È
positivo che il tema della “valutazione” sia tornato ad emergere nelle
ultime settimane, in alcune riflessioni di associazioni professionali
(anche se, su qualche aspetto, non se ne condividono le conclusioni) e
nelle considerazioni di soggetti istituzionali, come il commissario
Invalsi. Si tratta di un argomento da sempre caro all’Anp – che a più
riprese ne ha fatto oggetto di studi ed analisi ed anche di proposte –
ma sempre trascurato, quando non apertamente considerato come un tabù
per molti altri attori del sistema di istruzione.
Ancor più positivo è che qualcosa si cominci finalmente a fare in
concreto – sia pure in via sperimentale e fra mille resistenze – per
passare dalle parole ai fatti: dalle prove Invalsi alla sperimentazione
Vales allo schema di decreto sul sistema nazionale
di valutazione. Certo, tutto è perfettibile: ma il vecchio argomento
polemico secondo cui si può “fare di meglio” comincia ormai a mostrare
la corda. Migliorare si può, ma è bene farlo sulla base dell’esperienza
e non di astratte analisi “pregiudiziali”, che nella pratica servono
solo a rinviare sine die il momento della decisione.
Se mai, il rischio che noi intravvediamo è che possa accadere con la
valutazione quello che è accaduto in un recente passato con l’autonomia
delle scuole: avversata da tutti per lungo tempo, poi improvvisamente
“diventata di moda”, quando non era più possibile ignorarla.
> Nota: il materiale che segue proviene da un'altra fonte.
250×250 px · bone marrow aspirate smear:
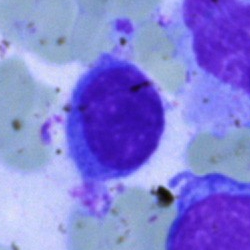Q: What is the morphological classification of this cell?
A: A lymphocyte.

Ma sulla
quale tutti si dicono d’accordo a parole, salvo non metterla in
pratica.
Noi siamo convinti che nelle questioni complesse – e questa lo è –
occorre prima di tutto distinguere per capire. Cerchiamo quindi di
prendere in considerazione alcune delle criticità più frequentemente
richiamate.
- È vero che i test Invalsi sono soprattutto “misurazione” di
apprendimenti e non “valutazione”, nel senso pregiato del termine. E
tuttavia, nessuna valutazione può prescindere da una misurazione. Il
problema non è se il test Invalsi costituiscano (o sostituiscano) il
servizio nazionale di valutazione: è che – se non si fanno – si parla
del nulla. E dunque, perfettibili che siano, occorre farli: o comunque
non si può chiedere che non si facciano fin che non saranno perfetti.
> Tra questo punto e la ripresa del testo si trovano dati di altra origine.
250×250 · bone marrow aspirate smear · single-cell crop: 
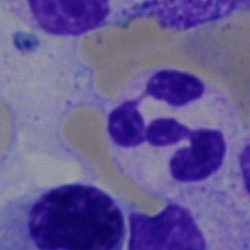
Morphology consistent with a neutrophil (segmented).
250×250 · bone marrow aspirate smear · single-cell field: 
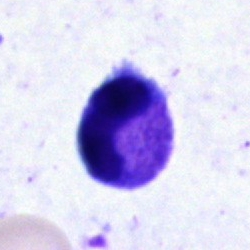 Q: Which cell type is shown here?
A: Neutrophil (segmented).
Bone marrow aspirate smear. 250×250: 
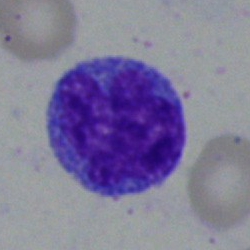 Showing a blast cell.
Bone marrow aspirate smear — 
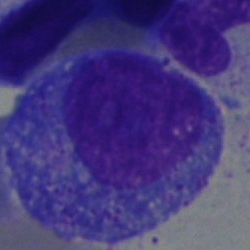 Morphology consistent with a promyelocyte.

Non lo saranno mai, se non sono costantemente effettuati, messi alla
prova e modificati per migliorarli.
- È vero che la “valutazione sommativa” non basta e che la “valutazione
formativa” è indispensabile: ma le due cose non sono in alternativa. La
valutazione formativa è il quotidiano della didattica ed accompagna
tutto il percorso: ma ci sono momenti di passaggio e scadenze in cui
occorre tirare delle conclusioni, sia pure provvisorie e superabili. La
contrapposizione fra “voti” e “giudizi” è un falso problema: fino a
quando si costruisce e si accompagna il percorso di crescita, il
giudizio è uno strumento più ricco e flessibile. Quando si tratta di
capire dove siamo arrivati (e di renderlo noto all’esterno), il voto (o
la misura quantitativa) ha il merito di essere molto più diretto ed
intellegibile.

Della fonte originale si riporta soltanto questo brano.